All of that has led to an unexpected inversion in Rodriguez’s business plans.

“Our vision was AgriStaff was probably going to dominate and we would have LaborOne as a as a backup, but over the years, LaborOne has surpassed Agristaff by a lot,” he says, now estimating that 80 percent of the company’s revenue comes from LaborOne clients.

He says employers in Northeast Wisconsin are more open now than they were a few years ago to hiring Spanish-speaking workers. Previously, he’d hear concerns about training and safety, as employers provided such training in English. Now, that’s changed, he says.

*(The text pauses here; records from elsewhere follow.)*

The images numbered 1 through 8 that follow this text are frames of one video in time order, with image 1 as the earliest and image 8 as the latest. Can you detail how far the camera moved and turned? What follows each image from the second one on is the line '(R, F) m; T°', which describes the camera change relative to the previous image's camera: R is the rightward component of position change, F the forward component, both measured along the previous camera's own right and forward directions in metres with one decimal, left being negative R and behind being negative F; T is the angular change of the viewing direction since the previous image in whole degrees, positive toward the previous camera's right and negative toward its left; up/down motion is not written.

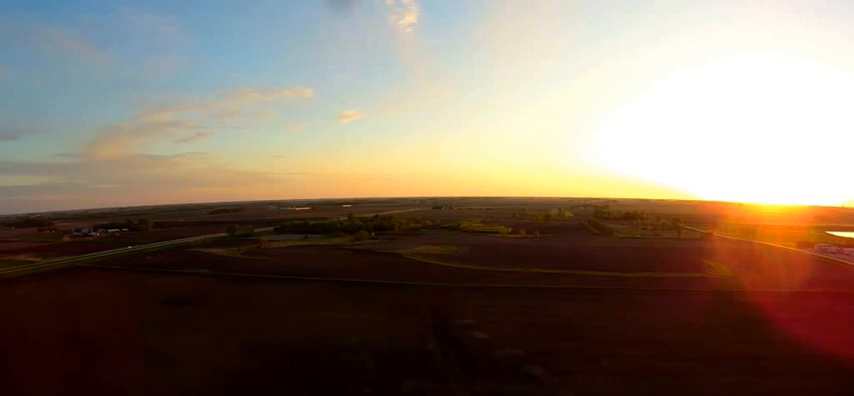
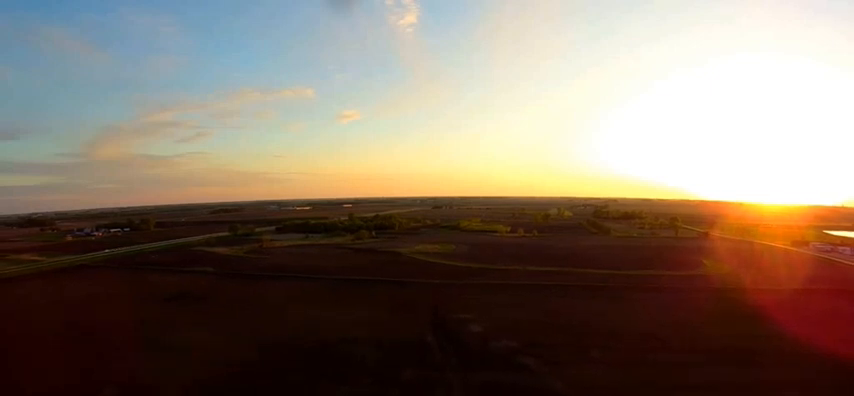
(0.0, +8.6) m; 0°
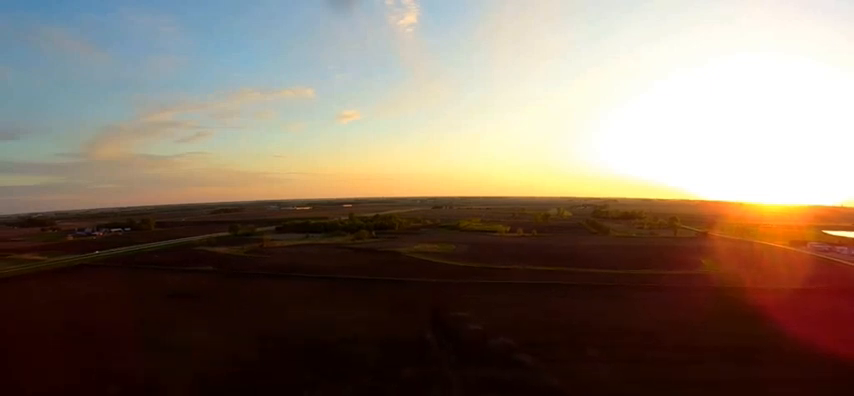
(0.0, +3.2) m; 0°
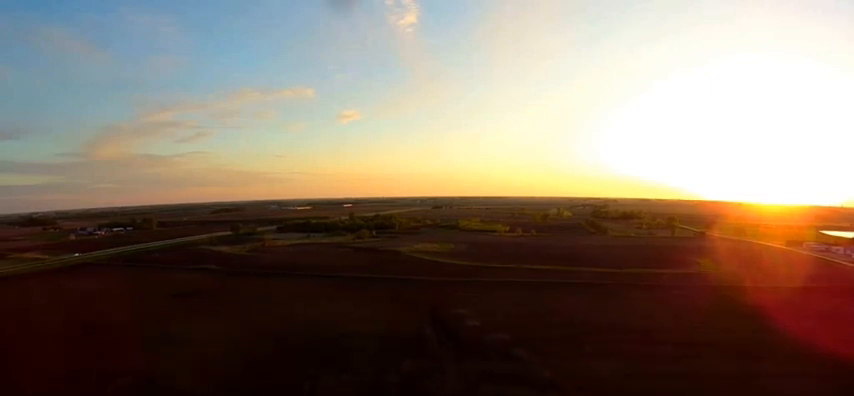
(0.0, +6.8) m; 0°
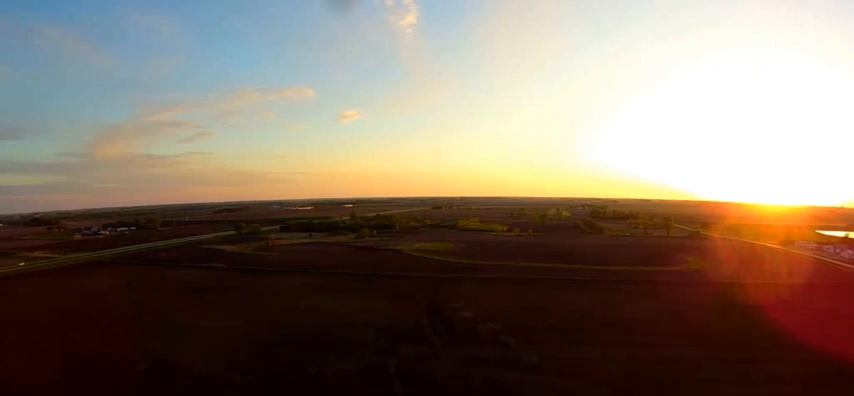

“They realize how valuable this workforce is” in ways they didn’t before, he says. “Almost all my clients now have changed everything operationally to accommodate these individuals. Now their SOPs are in Spanish. Now their safety stuff is in Spanish. Now they have bilingual safety professionals coming in and doing what’s needed to train these individuals on safety in their own native language.”

The Rodriguezes still operate AgriStaff and LaborOne out of that small office in Kiel with an administrative staff of six, with plans to add some, perhaps in sales. Rodriguez remains focused on growth. 

“I’m everywhere,” he says. “I’m a recruiter, I’m the janitor. I’m the salesperson. In small businesses, that’s how you have to do it. I’m very happy with the growth that we have gotten in.”